OK, if you won't I will.

True, it could happen to anybody, but, have you ever noticed that it usually happens a lot more often to the dummies?

It wasn't quite as obvious as this pic that my cousin sent me.


----------



## ducman491 (Oct 31, 2011)

I made a smart ass comment and I would fully expect the same if I did it myself. I would even post the pic if I did it. If you can't laugh at yourself then you can't laugh at anyone else either.
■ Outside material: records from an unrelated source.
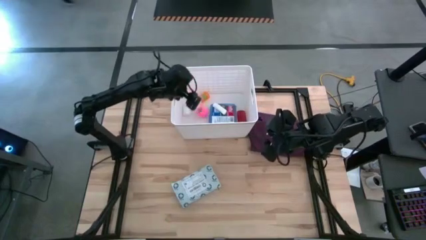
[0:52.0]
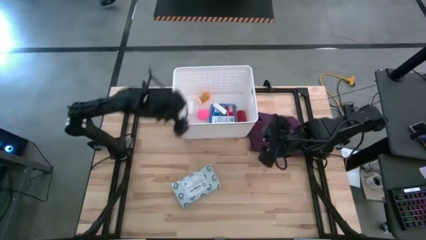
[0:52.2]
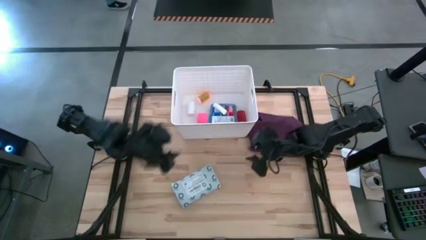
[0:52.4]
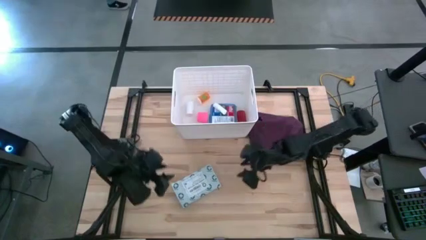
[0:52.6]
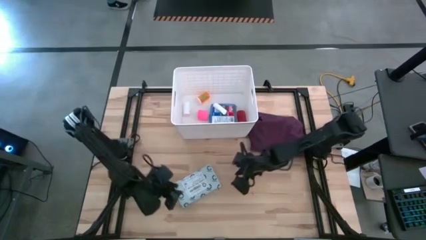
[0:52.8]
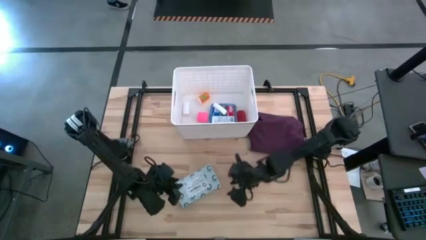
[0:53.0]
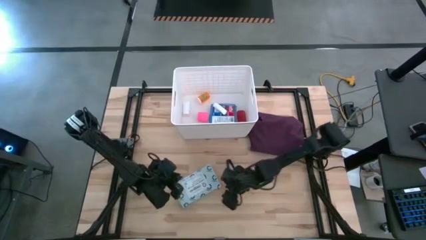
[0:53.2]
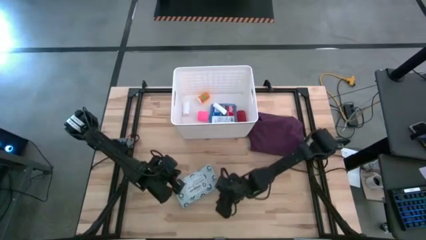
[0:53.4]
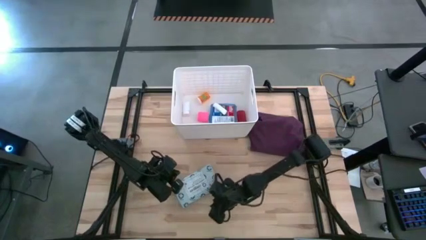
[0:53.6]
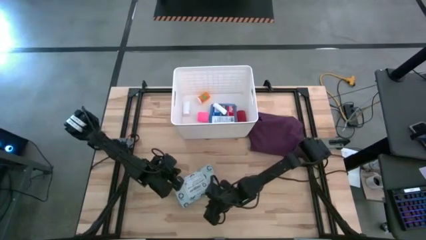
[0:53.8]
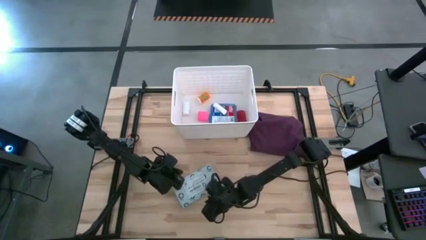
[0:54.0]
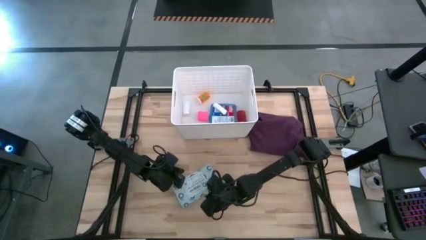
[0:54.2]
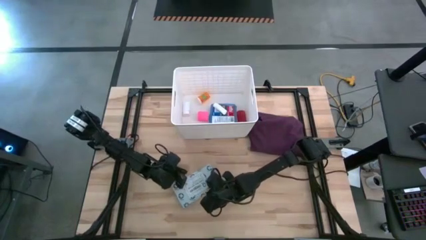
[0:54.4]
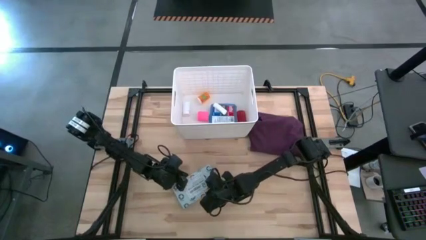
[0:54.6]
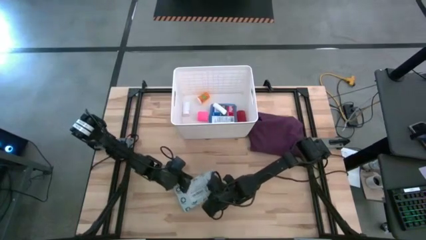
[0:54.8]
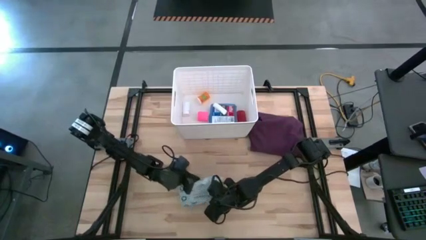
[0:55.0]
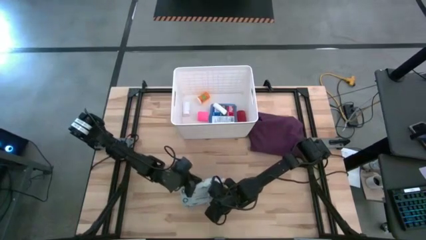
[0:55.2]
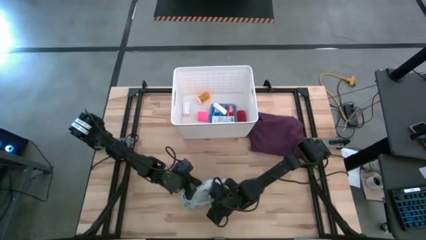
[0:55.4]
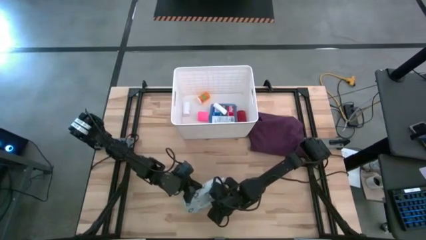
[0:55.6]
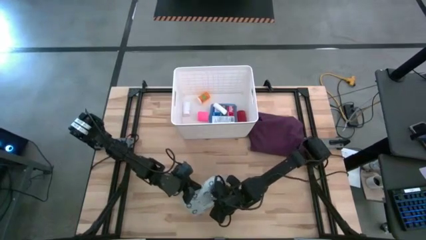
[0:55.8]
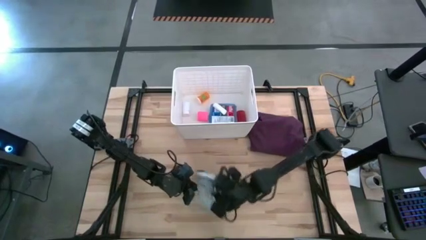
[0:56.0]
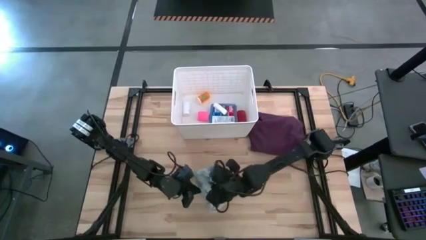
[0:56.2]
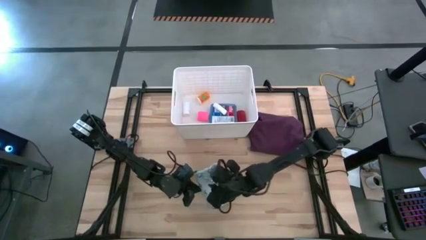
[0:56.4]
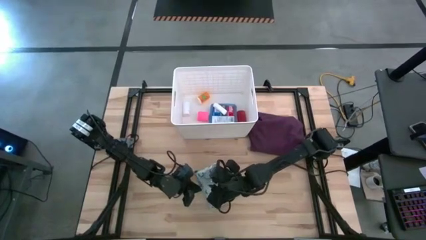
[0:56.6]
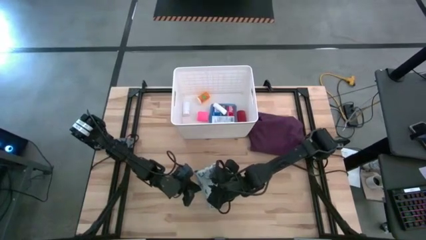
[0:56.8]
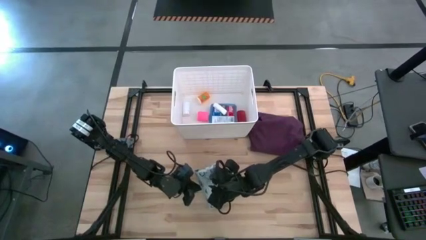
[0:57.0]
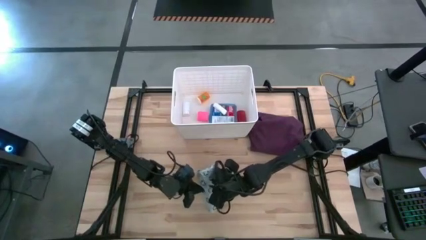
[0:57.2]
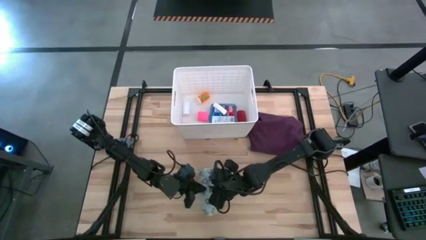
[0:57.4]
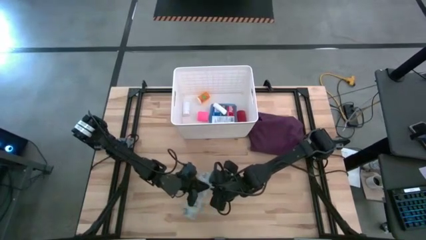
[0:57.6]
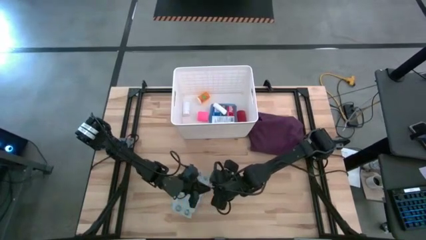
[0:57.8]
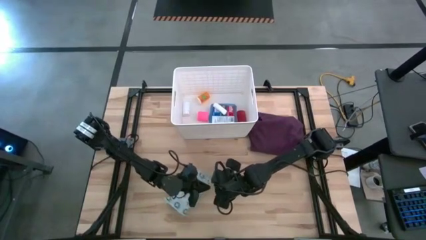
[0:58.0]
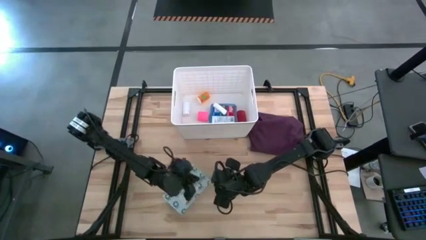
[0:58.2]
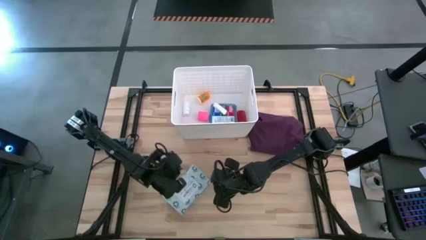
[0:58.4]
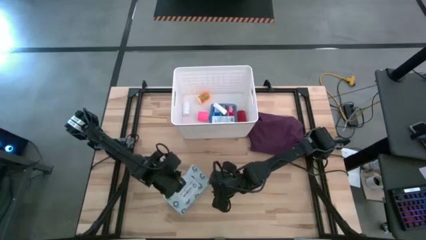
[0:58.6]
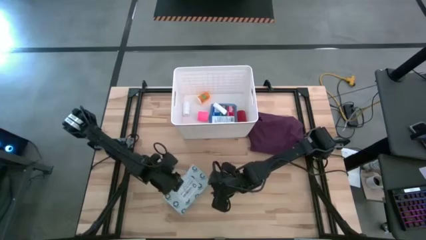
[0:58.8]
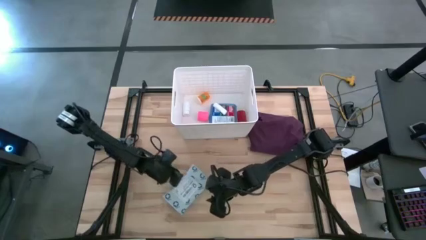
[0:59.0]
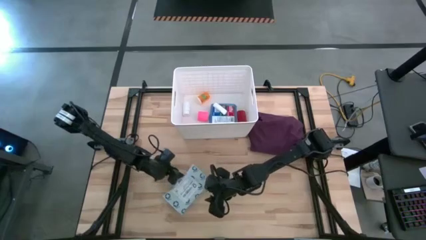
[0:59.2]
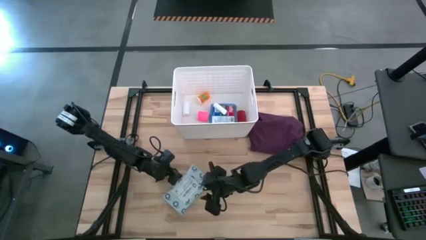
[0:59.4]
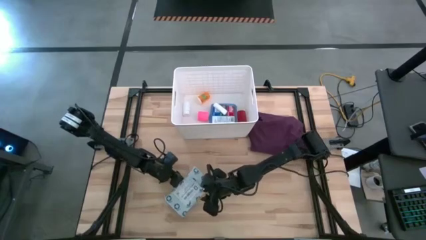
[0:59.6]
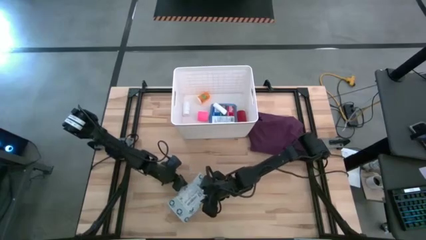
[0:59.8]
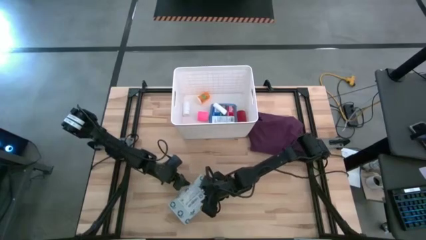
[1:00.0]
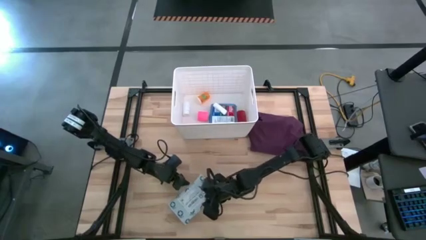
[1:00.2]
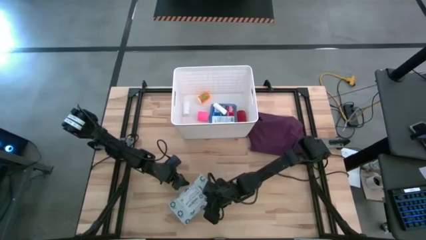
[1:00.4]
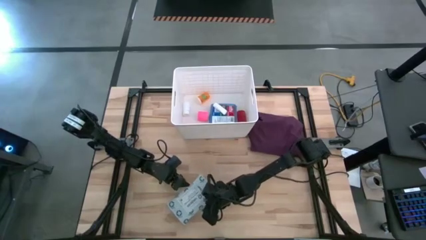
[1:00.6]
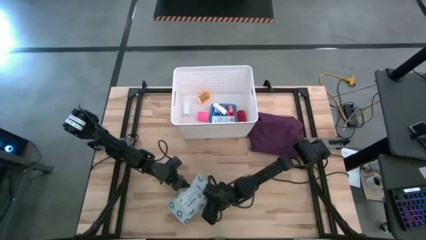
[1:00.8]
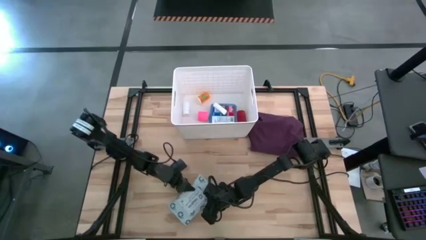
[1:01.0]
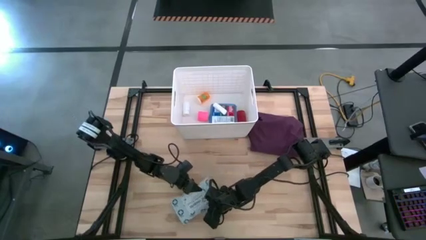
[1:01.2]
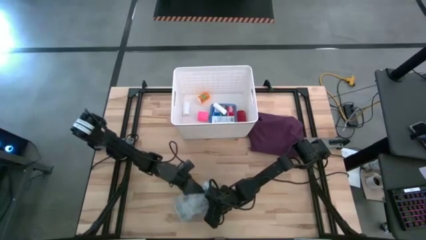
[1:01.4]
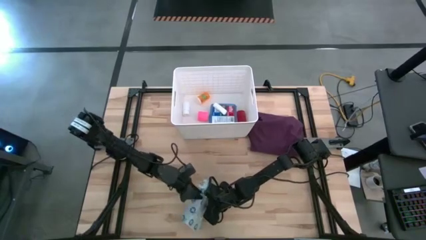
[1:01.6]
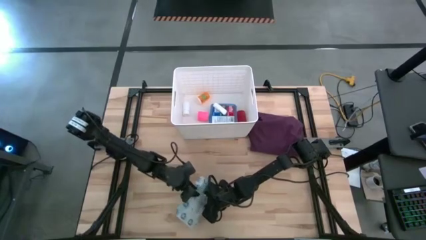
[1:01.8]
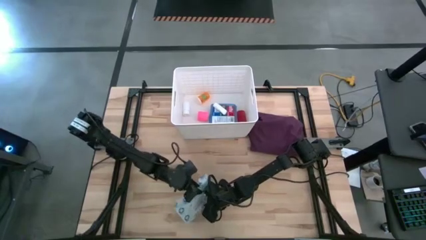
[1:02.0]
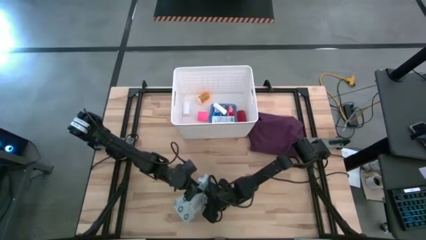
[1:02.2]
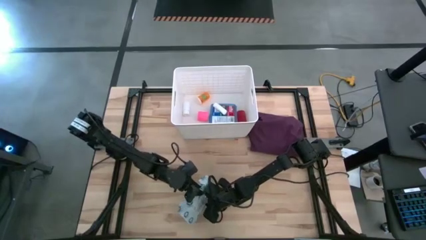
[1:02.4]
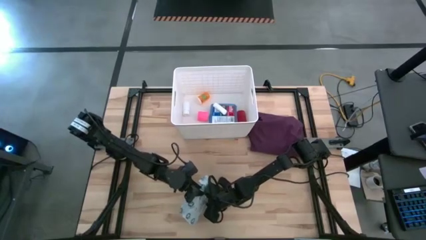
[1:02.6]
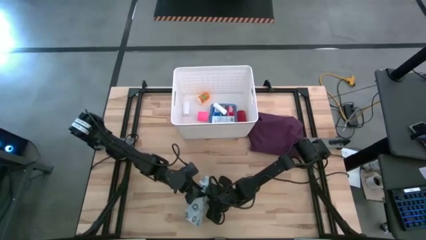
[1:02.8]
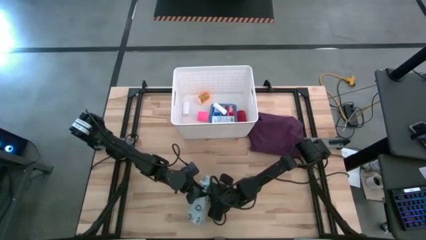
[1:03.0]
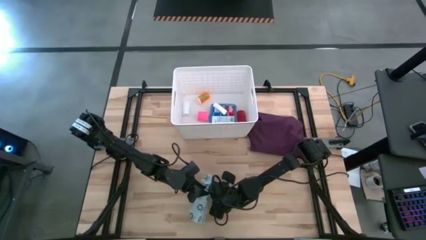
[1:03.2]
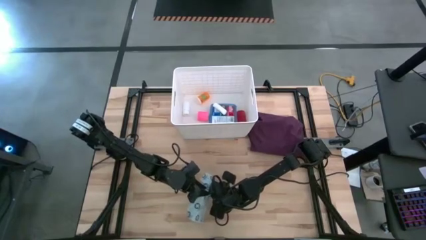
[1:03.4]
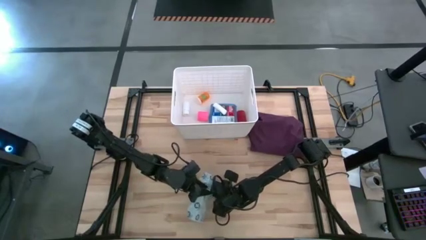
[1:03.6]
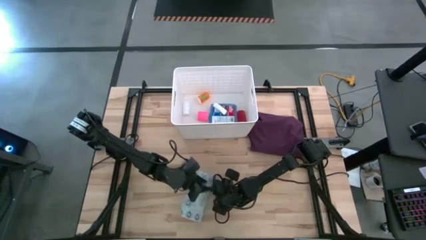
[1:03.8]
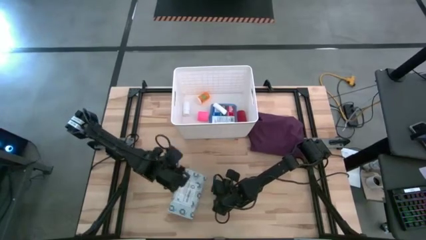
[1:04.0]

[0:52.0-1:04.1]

All in jest and I do hope no one got hurt.


----------



## I_WALL_I (Apr 27, 2006)

You know the old sayin', " A bad day of fishing is better than a good day at work", well, I think I would rather have been at work!! I did save that pic. to my screen saver!!


----------



## ejsell (May 3, 2012)

buckeyebowman said:


> OK, if you won't I will.
> 
> True, it could happen to anybody, but, have you ever noticed that it usually happens a lot more often to the dummies?
> 
> It wasn't quite as obvious as this pic that my cousin sent me.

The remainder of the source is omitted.